* AIM OF THE EXERCISE *
Whenever a line contains "CIRCLE", include it in the count; reply with the number of such lines in the data and nothing else.

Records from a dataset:
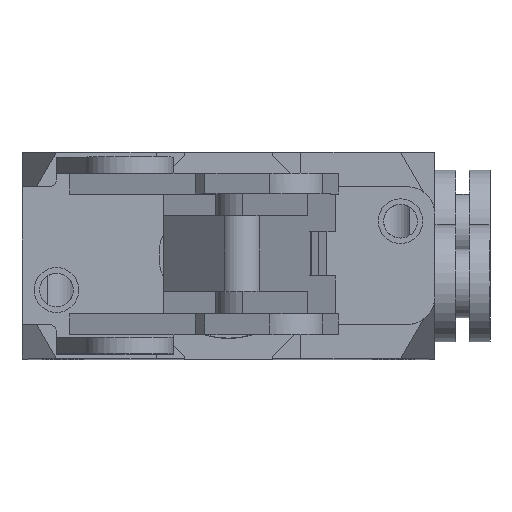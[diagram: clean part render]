
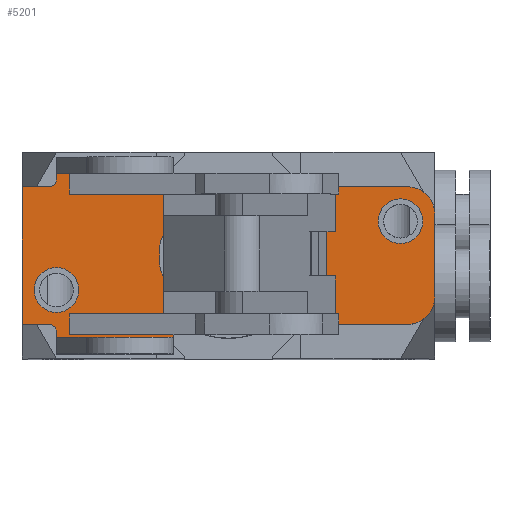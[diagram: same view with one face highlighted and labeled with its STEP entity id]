
A CAD part, top view. The second image highlights one B-rep face of the part: STEP entity #5201.
In plain terms, the highlighted planar face has unit normal (0, 0, 1).
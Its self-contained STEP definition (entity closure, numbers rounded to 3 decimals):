
#130=FACE_BOUND('',#794,.T.);
#131=FACE_BOUND('',#795,.T.);
#132=FACE_BOUND('',#796,.T.);
#478=FACE_OUTER_BOUND('',#793,.T.);
#793=EDGE_LOOP('',(#4231,#4232,#4233,#4234,#4235,#4236,#4237,#4238,#4239,
#4240,#4241,#4242,#4243,#4244,#4245,#4246));
#794=EDGE_LOOP('',(#4247));
#795=EDGE_LOOP('',(#4248));
#796=EDGE_LOOP('',(#4249,#4250,#4251,#4252,#4253,#4254,#4255,#4256));
#920=CIRCLE('',#5469,2.);
#932=CIRCLE('',#5484,2.);
#933=CIRCLE('',#5487,0.5);
#934=CIRCLE('',#5490,0.95);
#935=CIRCLE('',#5494,0.95);
#936=CIRCLE('',#5495,0.5);
#937=CIRCLE('',#5496,1.625);
#938=CIRCLE('',#5497,1.625);
#939=CIRCLE('',#5498,2.);
#940=CIRCLE('',#5499,2.);
#941=CIRCLE('',#5500,2.);
#942=CIRCLE('',#5501,2.);
#1309=LINE('',#8787,#1820);
#1327=LINE('',#8848,#1838);
#1332=LINE('',#8859,#1843);
#1335=LINE('',#8867,#1846);
#1336=LINE('',#8870,#1847);
#1338=LINE('',#8874,#1849);
#1339=LINE('',#8878,#1850);
#1340=LINE('',#8880,#1851);
#1341=LINE('',#8883,#1852);
#1342=LINE('',#8884,#1853);
#1343=LINE('',#8891,#1854);
#1344=LINE('',#8895,#1855);
#1345=LINE('',#8899,#1856);
#1346=LINE('',#8903,#1857);
#1820=VECTOR('',#6334,6.);
#1838=VECTOR('',#6382,2.);
#1843=VECTOR('',#6393,0.45);
#1846=VECTOR('',#6402,16.05);
#1847=VECTOR('',#6405,10.);
#1849=VECTOR('',#6409,16.05);
#1850=VECTOR('',#6412,8.5);
#1851=VECTOR('',#6413,0.45);
#1852=VECTOR('',#6416,2.);
#1853=VECTOR('',#6417,8.5);
#1854=VECTOR('',#6422,1.);
#1855=VECTOR('',#6425,4.);
#1856=VECTOR('',#6428,1.);
#1857=VECTOR('',#6431,4.);
#2325=VERTEX_POINT('',#8777);
#2326=VERTEX_POINT('',#8779);
#2328=VERTEX_POINT('',#8785);
#2354=VERTEX_POINT('',#8841);
#2355=VERTEX_POINT('',#8845);
#2356=VERTEX_POINT('',#8847);
#2357=VERTEX_POINT('',#8851);
#2359=VERTEX_POINT('',#8857);
#2360=VERTEX_POINT('',#8861);
#2361=VERTEX_POINT('',#8863);
#2362=VERTEX_POINT('',#8869);
#2363=VERTEX_POINT('',#8873);
#2364=VERTEX_POINT('',#8875);
#2365=VERTEX_POINT('',#8877);
#2366=VERTEX_POINT('',#8879);
#2367=VERTEX_POINT('',#8881);
#2368=VERTEX_POINT('',#8885);
#2369=VERTEX_POINT('',#8887);
#2370=VERTEX_POINT('',#8889);
#2371=VERTEX_POINT('',#8890);
#2372=VERTEX_POINT('',#8892);
#2373=VERTEX_POINT('',#8894);
#2374=VERTEX_POINT('',#8896);
#2375=VERTEX_POINT('',#8898);
#2376=VERTEX_POINT('',#8900);
#2377=VERTEX_POINT('',#8902);
#2963=EDGE_CURVE('',#2325,#2326,#920,.T.);
#2967=EDGE_CURVE('',#2328,#2325,#1309,.T.);
#2994=EDGE_CURVE('',#2354,#2328,#932,.T.);
#2997=EDGE_CURVE('',#2356,#2355,#1327,.T.);
#3000=EDGE_CURVE('',#2355,#2357,#933,.T.);
#3003=EDGE_CURVE('',#2357,#2359,#1332,.T.);
#3005=EDGE_CURVE('',#2361,#2360,#934,.T.);
#3007=EDGE_CURVE('',#2360,#2326,#1335,.T.);
#3008=EDGE_CURVE('',#2356,#2362,#1336,.T.);
#3010=EDGE_CURVE('',#2354,#2363,#1338,.T.);
#3011=EDGE_CURVE('',#2363,#2364,#935,.T.);
#3012=EDGE_CURVE('',#2364,#2365,#1339,.T.);
#3013=EDGE_CURVE('',#2365,#2366,#1340,.T.);
#3014=EDGE_CURVE('',#2366,#2367,#936,.T.);
#3015=EDGE_CURVE('',#2367,#2362,#1341,.T.);
#3016=EDGE_CURVE('',#2359,#2361,#1342,.T.);
#3017=EDGE_CURVE('',#2368,#2368,#937,.T.);
#3018=EDGE_CURVE('',#2369,#2369,#938,.T.);
#3019=EDGE_CURVE('',#2370,#2371,#1343,.T.);
#3020=EDGE_CURVE('',#2371,#2372,#939,.T.);
#3021=EDGE_CURVE('',#2372,#2373,#1344,.T.);
#3022=EDGE_CURVE('',#2373,#2374,#940,.T.);
#3023=EDGE_CURVE('',#2374,#2375,#1345,.T.);
#3024=EDGE_CURVE('',#2375,#2376,#941,.T.);
#3025=EDGE_CURVE('',#2376,#2377,#1346,.T.);
#3026=EDGE_CURVE('',#2377,#2370,#942,.T.);
#4231=ORIENTED_EDGE('',*,*,#2963,.F.);
#4232=ORIENTED_EDGE('',*,*,#2967,.F.);
#4233=ORIENTED_EDGE('',*,*,#2994,.F.);
#4234=ORIENTED_EDGE('',*,*,#3010,.T.);
#4235=ORIENTED_EDGE('',*,*,#3011,.T.);
#4236=ORIENTED_EDGE('',*,*,#3012,.T.);
#4237=ORIENTED_EDGE('',*,*,#3013,.T.);
#4238=ORIENTED_EDGE('',*,*,#3014,.T.);
#4239=ORIENTED_EDGE('',*,*,#3015,.T.);
#4240=ORIENTED_EDGE('',*,*,#3008,.F.);
#4241=ORIENTED_EDGE('',*,*,#2997,.T.);
#4242=ORIENTED_EDGE('',*,*,#3000,.T.);
#4243=ORIENTED_EDGE('',*,*,#3003,.T.);
#4244=ORIENTED_EDGE('',*,*,#3016,.T.);
#4245=ORIENTED_EDGE('',*,*,#3005,.T.);
#4246=ORIENTED_EDGE('',*,*,#3007,.T.);
#4247=ORIENTED_EDGE('',*,*,#3017,.T.);
#4248=ORIENTED_EDGE('',*,*,#3018,.T.);
#4249=ORIENTED_EDGE('',*,*,#3019,.T.);
#4250=ORIENTED_EDGE('',*,*,#3020,.T.);
#4251=ORIENTED_EDGE('',*,*,#3021,.T.);
#4252=ORIENTED_EDGE('',*,*,#3022,.T.);
#4253=ORIENTED_EDGE('',*,*,#3023,.T.);
#4254=ORIENTED_EDGE('',*,*,#3024,.T.);
#4255=ORIENTED_EDGE('',*,*,#3025,.T.);
#4256=ORIENTED_EDGE('',*,*,#3026,.T.);
#4736=PLANE('',#5493);
#5201=ADVANCED_FACE('',(#478,#130,#131,#132),#4736,.T.);
#5469=AXIS2_PLACEMENT_3D('',#8780,#6327,#6328);
#5484=AXIS2_PLACEMENT_3D('',#8842,#6376,#6377);
#5487=AXIS2_PLACEMENT_3D('',#8853,#6387,#6388);
#5490=AXIS2_PLACEMENT_3D('',#8864,#6397,#6398);
#5493=AXIS2_PLACEMENT_3D('',#8872,#6407,#6408);
#5494=AXIS2_PLACEMENT_3D('',#8876,#6410,#6411);
#5495=AXIS2_PLACEMENT_3D('',#8882,#6414,#6415);
#5496=AXIS2_PLACEMENT_3D('',#8886,#6418,#6419);
#5497=AXIS2_PLACEMENT_3D('',#8888,#6420,#6421);
#5498=AXIS2_PLACEMENT_3D('',#8893,#6423,#6424);
#5499=AXIS2_PLACEMENT_3D('',#8897,#6426,#6427);
#5500=AXIS2_PLACEMENT_3D('',#8901,#6429,#6430);
#5501=AXIS2_PLACEMENT_3D('',#8904,#6432,#6433);
#6327=DIRECTION('center_axis',(0.,0.,-1.));
#6328=DIRECTION('ref_axis',(-0.707,0.707,0.));
#6334=DIRECTION('',(0.,1.,0.));
#6376=DIRECTION('center_axis',(0.,0.,-1.));
#6377=DIRECTION('ref_axis',(-0.707,-0.707,0.));
#6382=DIRECTION('',(-1.,0.,0.));
#6387=DIRECTION('center_axis',(0.,0.,-1.));
#6388=DIRECTION('ref_axis',(0.,-1.,0.));
#6393=DIRECTION('',(0.,1.,0.));
#6397=DIRECTION('center_axis',(0.,0.,-1.));
#6398=DIRECTION('ref_axis',(1.,0.,0.));
#6402=DIRECTION('',(-1.,0.,0.));
#6405=DIRECTION('',(0.,-1.,0.));
#6407=DIRECTION('center_axis',(0.,0.,1.));
#6408=DIRECTION('ref_axis',(1.,0.,0.));
#6409=DIRECTION('',(1.,0.,0.));
#6410=DIRECTION('center_axis',(0.,0.,-1.));
#6411=DIRECTION('ref_axis',(1.,0.,0.));
#6412=DIRECTION('',(1.,0.,0.));
#6413=DIRECTION('',(0.,1.,0.));
#6414=DIRECTION('center_axis',(0.,0.,-1.));
#6415=DIRECTION('ref_axis',(0.,1.,0.));
#6416=DIRECTION('',(1.,0.,0.));
#6417=DIRECTION('',(-1.,0.,0.));
#6418=DIRECTION('center_axis',(0.,0.,-1.));
#6419=DIRECTION('ref_axis',(1.,0.,0.));
#6420=DIRECTION('center_axis',(0.,0.,-1.));
#6421=DIRECTION('ref_axis',(1.,0.,0.));
#6422=DIRECTION('',(0.,-1.,0.));
#6423=DIRECTION('center_axis',(0.,0.,-1.));
#6424=DIRECTION('ref_axis',(0.,1.,0.));
#6425=DIRECTION('',(-1.,0.,0.));
#6426=DIRECTION('center_axis',(0.,0.,-1.));
#6427=DIRECTION('ref_axis',(1.,0.,0.));
#6428=DIRECTION('',(0.,1.,0.));
#6429=DIRECTION('center_axis',(0.,0.,-1.));
#6430=DIRECTION('ref_axis',(0.,-1.,0.));
#6431=DIRECTION('',(1.,0.,0.));
#6432=DIRECTION('center_axis',(0.,0.,-1.));
#6433=DIRECTION('ref_axis',(-1.,0.,0.));
#8777=CARTESIAN_POINT('',(-15.,3.,1.2));
#8779=CARTESIAN_POINT('',(-13.,5.,1.2));
#8780=CARTESIAN_POINT('Origin',(-13.,3.,1.2));
#8785=CARTESIAN_POINT('',(-15.,-3.,1.2));
#8787=CARTESIAN_POINT('',(-15.,7.15,1.2));
#8841=CARTESIAN_POINT('',(-13.,-5.,1.2));
#8842=CARTESIAN_POINT('Origin',(-13.,-3.,1.2));
#8845=CARTESIAN_POINT('',(13.,5.,1.2));
#8847=CARTESIAN_POINT('',(15.,5.,1.2));
#8848=CARTESIAN_POINT('',(7.5,5.,1.2));
#8851=CARTESIAN_POINT('',(12.5,5.5,1.2));
#8853=CARTESIAN_POINT('Origin',(13.,5.5,1.2));
#8857=CARTESIAN_POINT('',(12.5,5.95,1.2));
#8859=CARTESIAN_POINT('',(12.5,2.75,1.2));
#8861=CARTESIAN_POINT('',(3.05,5.,1.2));
#8863=CARTESIAN_POINT('',(4.,5.95,1.2));
#8864=CARTESIAN_POINT('Origin',(3.05,5.95,1.2));
#8867=CARTESIAN_POINT('',(1.525,5.,1.2));
#8869=CARTESIAN_POINT('',(15.,-5.,1.2));
#8870=CARTESIAN_POINT('',(15.,-7.15,1.2));
#8872=CARTESIAN_POINT('Origin',(0.,0.,
1.2));
#8873=CARTESIAN_POINT('',(3.05,-5.,1.2));
#8874=CARTESIAN_POINT('',(1.525,-5.,1.2));
#8875=CARTESIAN_POINT('',(4.,-5.95,1.2));
#8876=CARTESIAN_POINT('Origin',(3.05,-5.95,1.2));
#8877=CARTESIAN_POINT('',(12.5,-5.95,1.2));
#8878=CARTESIAN_POINT('',(3.895,-5.95,1.2));
#8879=CARTESIAN_POINT('',(12.5,-5.5,1.2));
#8880=CARTESIAN_POINT('',(12.5,-2.75,1.2));
#8881=CARTESIAN_POINT('',(13.,-5.,1.2));
#8882=CARTESIAN_POINT('Origin',(13.,-5.5,1.2));
#8883=CARTESIAN_POINT('',(7.5,-5.,1.2));
#8884=CARTESIAN_POINT('',(3.895,5.95,1.2));
#8885=CARTESIAN_POINT('',(-10.875,-2.5,1.2));
#8886=CARTESIAN_POINT('Origin',(-12.5,-2.5,1.2));
#8887=CARTESIAN_POINT('',(14.125,2.5,1.2));
#8888=CARTESIAN_POINT('Origin',(12.5,2.5,1.2));
#8889=CARTESIAN_POINT('',(5.,0.5,1.2));
#8890=CARTESIAN_POINT('',(5.,-0.5,1.2));
#8891=CARTESIAN_POINT('',(5.,-0.25,1.2));
#8892=CARTESIAN_POINT('',(3.,-2.5,1.2));
#8893=CARTESIAN_POINT('Origin',(3.,-0.5,1.2));
#8894=CARTESIAN_POINT('',(-1.,-2.5,1.2));
#8895=CARTESIAN_POINT('',(-0.5,-2.5,1.2));
#8896=CARTESIAN_POINT('',(-3.,-0.5,1.2));
#8897=CARTESIAN_POINT('Origin',(-1.,-0.5,1.2));
#8898=CARTESIAN_POINT('',(-3.,0.5,1.2));
#8899=CARTESIAN_POINT('',(-3.,0.25,1.2));
#8900=CARTESIAN_POINT('',(-1.,2.5,1.2));
#8901=CARTESIAN_POINT('Origin',(-1.,0.5,1.2));
#8902=CARTESIAN_POINT('',(3.,2.5,1.2));
#8903=CARTESIAN_POINT('',(1.5,2.5,1.2));
#8904=CARTESIAN_POINT('Origin',(3.,0.5,1.2));

* REPLY *
12